It seems that infants are generally better at inferring nouns than verbs with functional morphemes in bigrams, which might be attributable to the co-occurrence patterns of functional elements with nouns and verbs in child-directed speech (Mintz et al., 2002). The co-occurrence relation between a subject pronoun and a verb, for instance, appears to be weaker than that between a determiner and a noun in the input (Höhle et al., 2004). According to Höhle et al. (2004), in German child-directed input, the subject pronoun sie is followed by a verb only 31% of the time, whereas the determiner ein is followed by a noun 71% of the time.
High local co-occurrence, however, is not a guarantee for successful syntactic categorization. In French, for instance, pronouns constitute the most frequent kind of subject in caregiver speech and are even used dominantly in sentences containing a subject noun phrase, a proper noun subject (e.g. Les pattes, elles vont en bas ‘The legs, they go down’; Sarah, elle sait pas ‘Sarah, she doesn’t know’), or a stressed pronoun (e.g. Moi, je mange ‘Me, I eat’; Tu dis rien, toi ‘You say nothing, you’) by means of dislocation and subject doubling (Legendre et al., 2010; Shi et al., 2020).
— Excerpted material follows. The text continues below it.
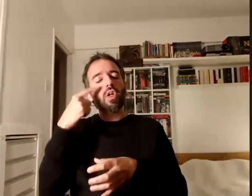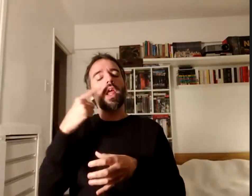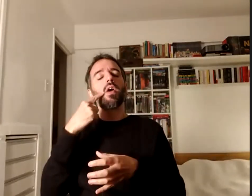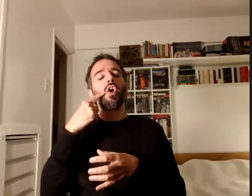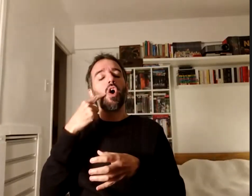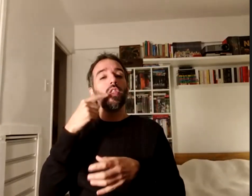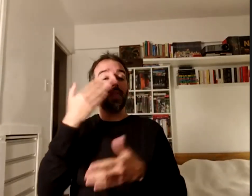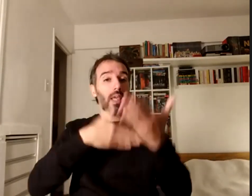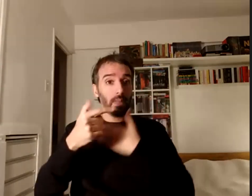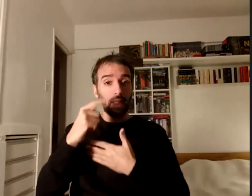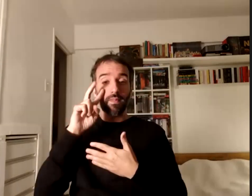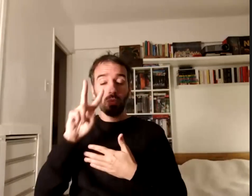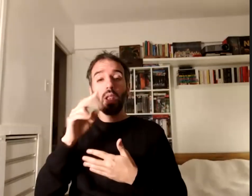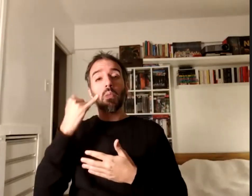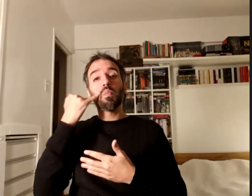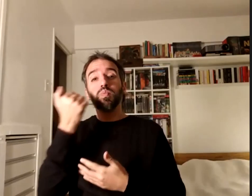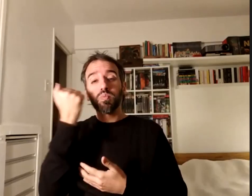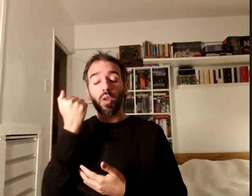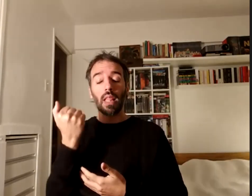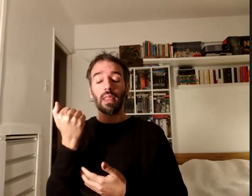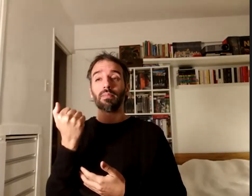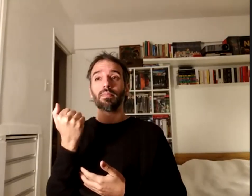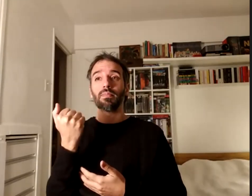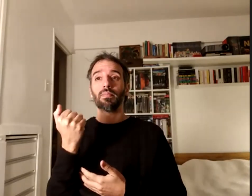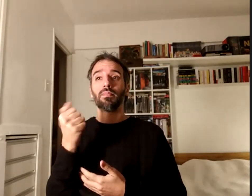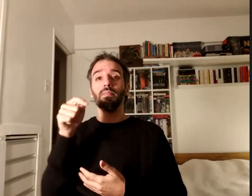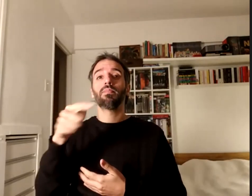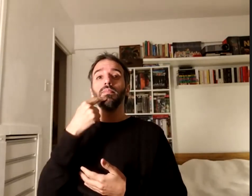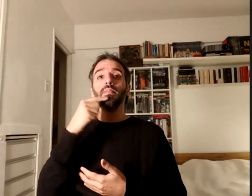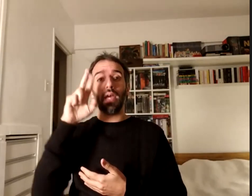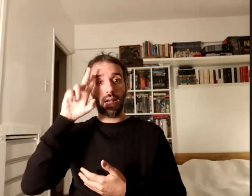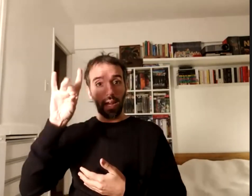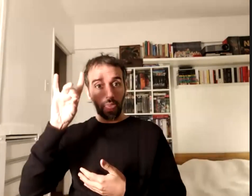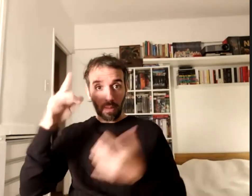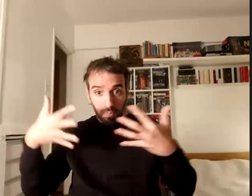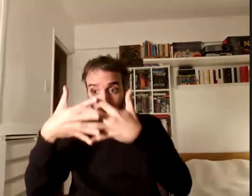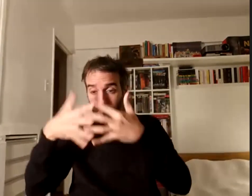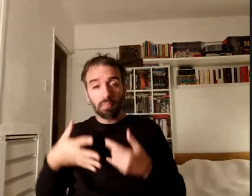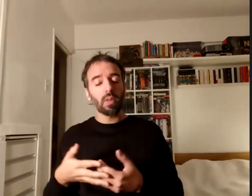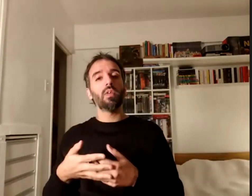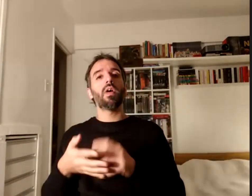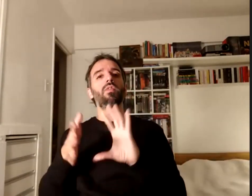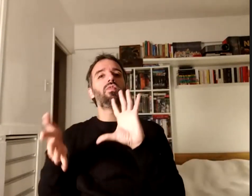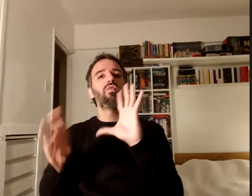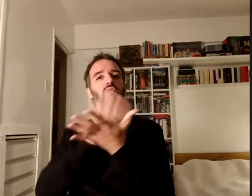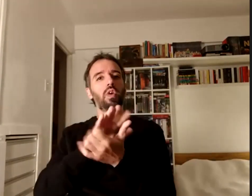y es muy importante esta red está formada por la Unión Nacional de Uruguay

In fact, the probability of a determiner predicting a following noun is comparable to that of a pronoun predicting a following verb in analysis of large-scale input corpora, which is inconsistent with the poorer performance of verb categorization in French-learning 14-month-olds (see the discussion in Shi, In Press).
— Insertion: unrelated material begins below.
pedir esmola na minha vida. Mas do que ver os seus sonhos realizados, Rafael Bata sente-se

On the contrary, there is indication that infants can categorize verbs using functional morphemes that have much lower predictive power of a verb than pronouns do. Hicks (2006) showed that English-learning 14- to 18-month-olds categorized novel words as verbs after being familiarized with ‘auxiliary + verb’ sequences (e.g. can pell, will dak). During test, they discriminated between novel words following non-familiarized auxiliaries (e.g. will pell) and those following determiners (e.g. her dak). This contrasts markedly with German- and French-learning infants’ lack of categorization with ‘pronoun + verb’ sequences (Höhle et al., 2004; Shi & Melançon, 2010). Based on a CHILDES corpus analysis, we found that auxiliaries are followed by verbs only 12% of the time. 1 In addition, we investigated the distribution of will and observed a different pattern: will predominantly precedes a noun but not a verb (as in yes-no questions like Will mommy put them in the basket), whereas its contracted form ’ll reliably precedes a verb (as in I’ll read to you later). This implies that in generalizing combinatorial rules, infants do not merely track the specific form in co-occurrence patterns. 2 It also points to the possibility that infants may represent bigrams as a syntactic unit (i.e. [AuxP willAux [VP XV]] where the functional element selects the novel word), not as a co-occurrence pattern disrespecting constituency (i.e. will XN).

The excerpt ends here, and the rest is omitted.